Now, you have to know that I have a special relationship with the writer of Ecclesiastes. He’s the grumpy, “get off my lawn” teacher, the one that reminds you that everything is pointless. He’s the cynic, but the cynic that makes you (or at least me) laugh with all of his bitterness about the futility of life.

“Vanity, vanity,” may seem like a negative cry, but I wonder if the Teacher in Ecclesiastes isn’t trying to free us from something: from trying to earn our own worth. 

In the Gospel lesson, this guy comes up to Jesus and asks him to make his brother give him his share of the inheritance. That’s right — he didn’t just tell Mom, he told the Messiah on his brother.

And Jesus says something I think is kind of hilarious. He says, “Friend, who set me to be a judge or arbitrator over you?” Let’s recount: the Son of God, who we believe will judge all humanity, just said “Who made me judge?”

Uh… you did?

But Jesus goes on to warn him against all kinds of greed, telling him that storing up riches out of anxiety, in reality, doesn’t make us any less mortal. Nothing we can store up or save or accomplish can make our lives any longer, or make us worth any more than our birthright as children of God.
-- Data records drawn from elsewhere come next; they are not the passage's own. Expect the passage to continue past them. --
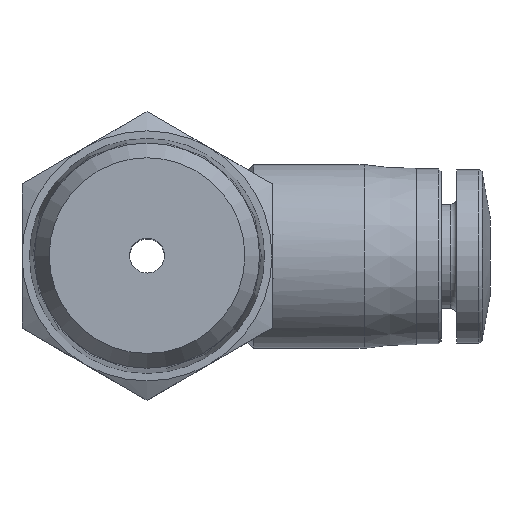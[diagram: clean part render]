
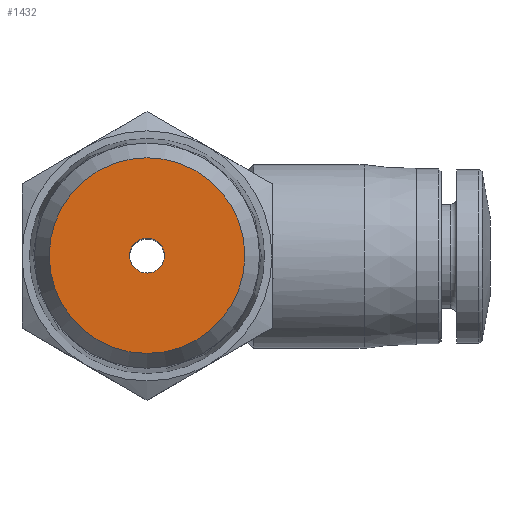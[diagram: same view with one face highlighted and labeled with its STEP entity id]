
A CAD part, top view. The second image highlights one B-rep face of the part: STEP entity #1432.
In plain terms, the highlighted planar face has unit normal (0, 0, 1).
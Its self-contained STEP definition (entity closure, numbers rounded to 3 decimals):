
#40=PLANE('',#1539);
#304=ORIENTED_EDGE('',*,*,#411,.F.);
#305=ORIENTED_EDGE('',*,*,#502,.T.);
#411=EDGE_CURVE('',#534,#534,#625,.T.);
#502=EDGE_CURVE('',#605,#605,#650,.T.);
#534=VERTEX_POINT('',#1903);
#605=VERTEX_POINT('',#2201);
#625=CIRCLE('',#1473,1.);
#650=CIRCLE('',#1540,5.591);
#730=EDGE_LOOP('',(#304));
#731=EDGE_LOOP('',(#305));
#838=FACE_BOUND('',#730,.T.);
#839=FACE_BOUND('',#731,.T.);
#1432=ADVANCED_FACE('',(#838,#839),#40,.F.);
#1473=AXIS2_PLACEMENT_3D('',#1902,#1610,#1611);
#1539=AXIS2_PLACEMENT_3D('',#2199,#1766,#1767);
#1540=AXIS2_PLACEMENT_3D('',#2200,#1768,#1769);
#1610=DIRECTION('',(0.,0.,1.));
#1611=DIRECTION('',(1.,0.,0.));
#1766=DIRECTION('',(0.,0.,-1.));
#1767=DIRECTION('',(-1.,0.,0.));
#1768=DIRECTION('',(0.,0.,1.));
#1769=DIRECTION('',(1.,0.,0.));
#1902=CARTESIAN_POINT('',(0.,0.,28.));
#1903=CARTESIAN_POINT('',(1.,0.,28.));
#2199=CARTESIAN_POINT('',(5.591,0.,28.));
#2200=CARTESIAN_POINT('',(0.,0.,28.));
#2201=CARTESIAN_POINT('',(5.591,0.,28.));

And then he goes on in the next passage to talk about how we should not worry about our lives, how life is worth more than food and clothing and stuff.

But stuff feels safe to us. Sure. Certain. If we can store up enough food, or the means to make money, then we’ll be safe, we think.

But Jesus reminds us that we are not safe from mortality, and that in the end, stuff just distracts us from what really makes life full: relationships with God and one another. The joy of providing company to one another. The beauty of loving and being loved. The beauty of this place and these people. These things, my friends, are free.

Instead of stockpiling money and stuff, Jesus calls us to be “rich towards God.” The Greek there is an actual motion towards — to put, and to find, your riches in God. In love. In relationship. To find your worth there, not in your bank account.

Your worth, my friends, is not something you earn or stockpile. Your worth is your birthright. Your worth is in being exactly as God created you, in loving other people and allowing yourself to be loved in return.

When Jesus refuses to settle this man’s dispute, he’s not saying that he’s not qualified to be the judge. He’s dismissing it out of hand because he knows that that’s not where true worth is found for humanity. We are made and meant to do more than stockpile riches and die.

Living this way requires some type of faith. Of jumping out into the unknown, letting go of having so much secure-feeling stuff. Of putting resources and energy towards others, instead of just ourselves. And we have no absolute promise of safety.

This week, we will be exploring in Bible study the value of learning to walk in the dark, to put it in author Barbara Brown Taylor’s words. To look headfirst into the darkness of human experience and find the strength of the human spirit. To look into the darkness and find God’s presence. And so you are invited to come and learn with me, starting tomorrow, as we walk through the dark together.

It’s my hope to use and continue to use my role as a pastor, as one who is there for people’s biggest moments, to continue to help them find God in those moments. To be, instead of a strange seat mate on an airplane, someone who teaches people to walk in the dark, even through their anxieties, to enjoy life as God has given it, to realize how truly beloved each of you are.

And this week, no matter what, may you find rest for your souls. May you let go of your worry, if only for this week, let go of your existential dread to put your energy towards enjoying yourself, enjoying this beautiful place, enjoying all of the people that God has brought here to be with you. That, according to both Jesus and the Teacher in Ecclesiastes, is what it means to be rich towards God — to be full of life is to be full of love.

So may you live, and love, this week – it is what you were created to do. Amen.